* [WHAT THE TASK ASKS]:
Down to the last line, repeat the entries exactly.
------------------------------------------------------------
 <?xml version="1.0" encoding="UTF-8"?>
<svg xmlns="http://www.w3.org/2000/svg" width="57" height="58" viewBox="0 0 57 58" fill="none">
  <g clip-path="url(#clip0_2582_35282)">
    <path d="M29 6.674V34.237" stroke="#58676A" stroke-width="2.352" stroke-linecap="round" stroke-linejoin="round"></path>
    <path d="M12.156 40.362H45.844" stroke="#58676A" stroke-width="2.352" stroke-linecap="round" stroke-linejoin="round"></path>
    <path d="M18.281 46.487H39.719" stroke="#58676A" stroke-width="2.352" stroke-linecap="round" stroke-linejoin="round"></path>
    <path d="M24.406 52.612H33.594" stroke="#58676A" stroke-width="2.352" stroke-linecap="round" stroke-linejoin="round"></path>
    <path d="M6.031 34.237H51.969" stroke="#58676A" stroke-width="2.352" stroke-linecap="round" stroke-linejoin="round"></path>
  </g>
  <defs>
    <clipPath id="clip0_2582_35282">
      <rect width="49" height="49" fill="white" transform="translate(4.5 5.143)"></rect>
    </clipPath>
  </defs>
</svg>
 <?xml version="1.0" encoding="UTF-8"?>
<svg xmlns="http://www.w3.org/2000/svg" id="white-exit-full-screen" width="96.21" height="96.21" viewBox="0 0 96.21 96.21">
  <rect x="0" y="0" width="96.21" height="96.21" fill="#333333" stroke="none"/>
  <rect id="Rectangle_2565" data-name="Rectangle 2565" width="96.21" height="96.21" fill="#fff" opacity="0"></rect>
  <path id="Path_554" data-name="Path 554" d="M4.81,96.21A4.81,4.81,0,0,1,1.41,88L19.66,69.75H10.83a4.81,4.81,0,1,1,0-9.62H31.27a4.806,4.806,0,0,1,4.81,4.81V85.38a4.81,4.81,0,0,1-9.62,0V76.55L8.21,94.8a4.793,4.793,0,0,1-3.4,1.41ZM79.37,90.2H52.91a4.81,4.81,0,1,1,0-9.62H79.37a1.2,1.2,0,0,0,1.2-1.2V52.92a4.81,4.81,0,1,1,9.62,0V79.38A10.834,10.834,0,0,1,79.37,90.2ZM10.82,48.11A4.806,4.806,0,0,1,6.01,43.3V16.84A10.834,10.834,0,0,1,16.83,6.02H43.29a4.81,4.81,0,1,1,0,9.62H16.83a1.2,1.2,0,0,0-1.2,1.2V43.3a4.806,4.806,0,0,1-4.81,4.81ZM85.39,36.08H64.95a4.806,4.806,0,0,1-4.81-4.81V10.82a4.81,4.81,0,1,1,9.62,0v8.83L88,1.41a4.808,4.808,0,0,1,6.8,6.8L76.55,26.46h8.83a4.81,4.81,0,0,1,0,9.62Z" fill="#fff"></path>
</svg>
------------------------------------------------------------
* [WRITTEN REPLY]:
 <?xml version="1.0" encoding="UTF-8"?>
<svg xmlns="http://www.w3.org/2000/svg" width="57" height="58" viewBox="0 0 57 58" fill="none">
  <g clip-path="url(#clip0_2582_35282)">
    <path d="M29 6.674V34.237" stroke="#58676A" stroke-width="2.352" stroke-linecap="round" stroke-linejoin="round"></path>
    <path d="M12.156 40.362H45.844" stroke="#58676A" stroke-width="2.352" stroke-linecap="round" stroke-linejoin="round"></path>
    <path d="M18.281 46.487H39.719" stroke="#58676A" stroke-width="2.352" stroke-linecap="round" stroke-linejoin="round"></path>
    <path d="M24.406 52.612H33.594" stroke="#58676A" stroke-width="2.352" stroke-linecap="round" stroke-linejoin="round"></path>
    <path d="M6.031 34.237H51.969" stroke="#58676A" stroke-width="2.352" stroke-linecap="round" stroke-linejoin="round"></path>
  </g>
  <defs>
    <clipPath id="clip0_2582_35282">
      <rect width="49" height="49" fill="white" transform="translate(4.5 5.143)"></rect>
    </clipPath>
  </defs>
</svg>
 <?xml version="1.0" encoding="UTF-8"?>
<svg xmlns="http://www.w3.org/2000/svg" id="white-exit-full-screen" width="96.21" height="96.21" viewBox="0 0 96.21 96.21">
  <rect x="0" y="0" width="96.21" height="96.21" fill="#333333" stroke="none"/>
  <rect id="Rectangle_2565" data-name="Rectangle 2565" width="96.21" height="96.21" fill="#fff" opacity="0"></rect>
  <path id="Path_554" data-name="Path 554" d="M4.81,96.21A4.81,4.81,0,0,1,1.41,88L19.66,69.75H10.83a4.81,4.81,0,1,1,0-9.62H31.27a4.806,4.806,0,0,1,4.81,4.81V85.38a4.81,4.81,0,0,1-9.62,0V76.55L8.21,94.8a4.793,4.793,0,0,1-3.4,1.41ZM79.37,90.2H52.91a4.81,4.81,0,1,1,0-9.62H79.37a1.2,1.2,0,0,0,1.2-1.2V52.92a4.81,4.81,0,1,1,9.62,0V79.38A10.834,10.834,0,0,1,79.37,90.2ZM10.82,48.11A4.806,4.806,0,0,1,6.01,43.3V16.84A10.834,10.834,0,0,1,16.83,6.02H43.29a4.81,4.81,0,1,1,0,9.62H16.83a1.2,1.2,0,0,0-1.2,1.2V43.3a4.806,4.806,0,0,1-4.81,4.81ZM85.39,36.08H64.95a4.806,4.806,0,0,1-4.81-4.81V10.82a4.81,4.81,0,1,1,9.62,0v8.83L88,1.41a4.808,4.808,0,0,1,6.8,6.8L76.55,26.46h8.83a4.81,4.81,0,0,1,0,9.62Z" fill="#fff"></path>
</svg>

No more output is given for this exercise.